By Cori Parks
“Kindness is the language which the deaf can hear and the blind can see.” – Mark Twain
One of the greatest things about living overseas is that my life and career change about every four or five years. One person’s lack of stability and continuity is another person’s opportunity for change, redefinition and new prospects. Even years ago, when I was a high school exchange student and a Peace Corps volunteer, I could see this coming. I knew that I would one day fuse my passion for fitness with my desire for social responsibility in a multi-cultural setting. And for the time being, I did that in Cambodia, when I opened the first Official Spinning® Center in the country.
They say: “You can take the girl out of the Peace Corps, but you can’t take the Peace Corps out of the girl.” Once you have been part of a network of people who are not consumed by making a living, but making a “giving,” it is hard to deny the wealth afforded in terms of personal enrichment.
I consider it a great blessing to found the first Official Spinning Center in Cambodia, but not from a business point of view. In fact, running a business is my Achilles heel, as is the case for many other instructors who like to concentrate on teaching top-notch classes instead of business transactions. What makes my endeavors here so unique has little, if anything, to do with my bottom line, and everything to do with personal and professional growth.
Open Palm Studio, which is now currently Muscle and Fitness, at the time was located directly across the street from the Cambodian School for the Deaf where 16- to 25-year-olds go to gain the education and skills that will help them to live to their fullest potential (despite the still current burden of being “differently abled” in Cambodia). Coincidentally, I used to be a professional American Sign Language (ASL) interpreter, and challenged myself to deliver a Spinning class to young deaf Cambodians.
The cards were stacked against me. Some of the various hurdles I faced were self-imposed, while others were beyond my control.
Music is probably 60 percent of my love for Spinning. I am easily consumed by trying to create the perfect playlist. I want my music to convey the mood of the class profile, so I select some of my favorite songs and blend them together into a long, seamless playlist. I coach as if the music is the wind behind my riders’ backs or what they ride up against. But, music is not relevant to my deaf clients, not only because they don’t hear it, but also because even if they did, my music may not carry the same cultural importance to them.

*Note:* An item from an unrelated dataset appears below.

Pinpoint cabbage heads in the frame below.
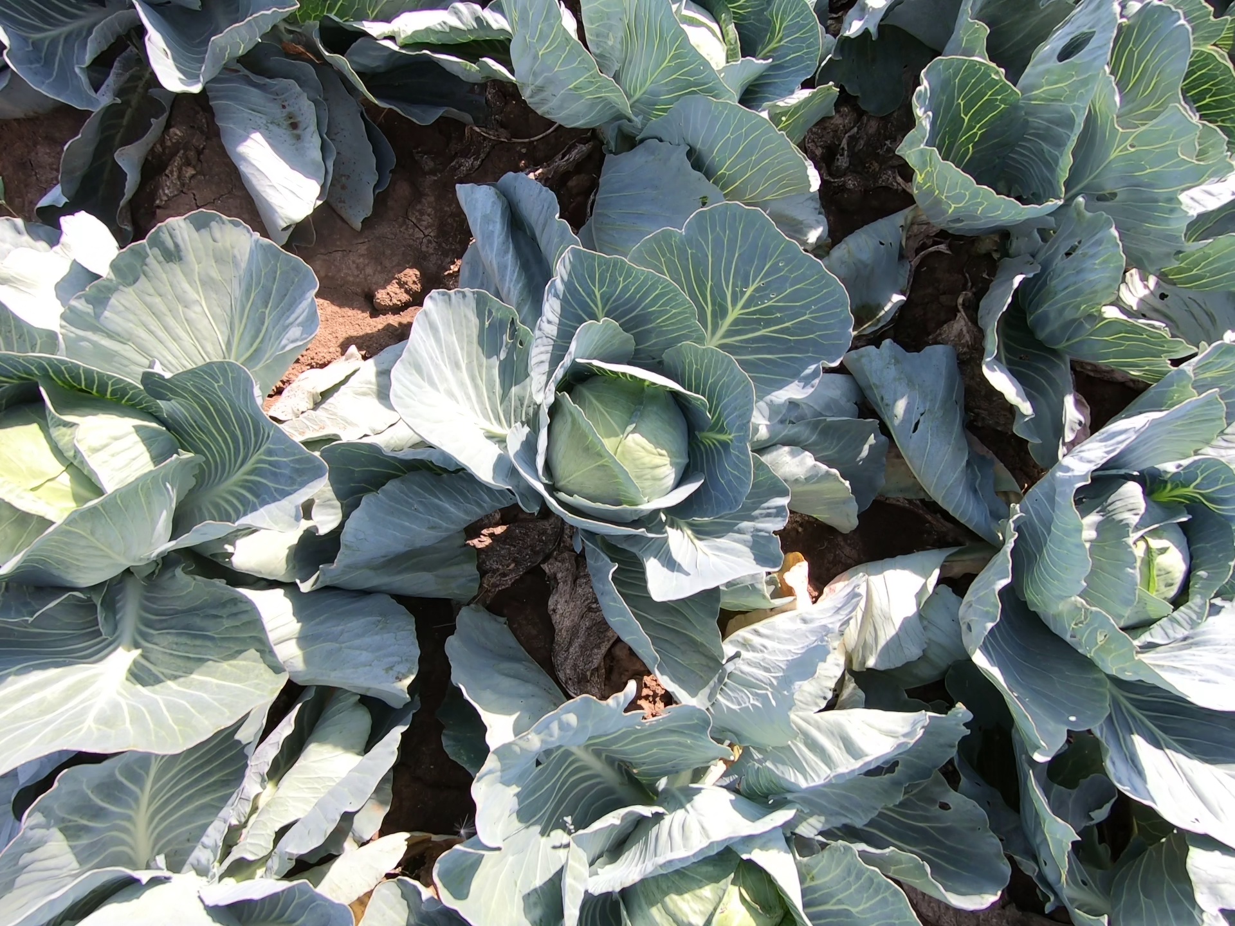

What my hands remember after 20 years of not practicing as an ASL interpreter has little bearing, if any, on my ability to communicate clearly with my students. My bikes are fitted with Spinning Computers, which are great tools to have at my disposal, but simple adherence to numbers makes any class dry. My challenge was to bring a dynamic and memorable experience to my deaf clients without having the benefit of being able to ask them to close their eyes and listen to my coaching. Khmer Sign Language is different from ASL, so I have to rely on gestures. I have to wonder how silly I look, teaching off the bike and miming situations like pretending there’s a dog chasing the bike, or simulating biking through long stretches of open country road after a cool rain has brought relief to the searing South East Asian heat.
Exercise is not something that young Khmer women normally do, so there is no real cultural context for the notion that exercising vigorously (or at all) is great for the body. They live an active lifestyle, using bikes for transportation, or walking everywhere. Moreover, given the extreme poverty and heat, they don’t have close-toed exercise shoes. For people who get no pleasure from great music, see no relevance to breaking a sweat for their health and longevity, and generally don’t have access to exercise equipment and shoes, why would they come to class? To watch the crazy foreign lady act out scenes while they pedal a bike that doesn’t go anywhere? No. A certain level of education is required before one can successfully convince others to reap the benefits of a sustained physical program.
While I wanted to bring Spinning to young deaf women in Cambodia, I did not do it alone. I put out the word to my pre-existing client base asking for donations of shoes and socks. I was soon inundated with plenty, so the girls could ride safely. Half of my bikes were donated by Frogs Gym in Encinitas, California and an American deaf woman, who is fluent in English, ASL and Khmer Sign Language helps us communicate during our sessions.
Spinning does not leave you when you leave class. It stays with you for the other 23 hours of the day. Things like introspection, perseverance, determination and tolerance for being out of one’s comfort zone are all great life skills that are learned in the saddle, not to the exclusion of the instructor. Yoga instructors often say that sharing the gift of yoga with their students is a rewarding experience in and of itself. Likewise, the lessons I have taught in Cambodia, both in and out of the saddle, have shown me that carrying out charitable acts of kindness leaves me feeling like the recipient of some of Spinning’s most profound gifts.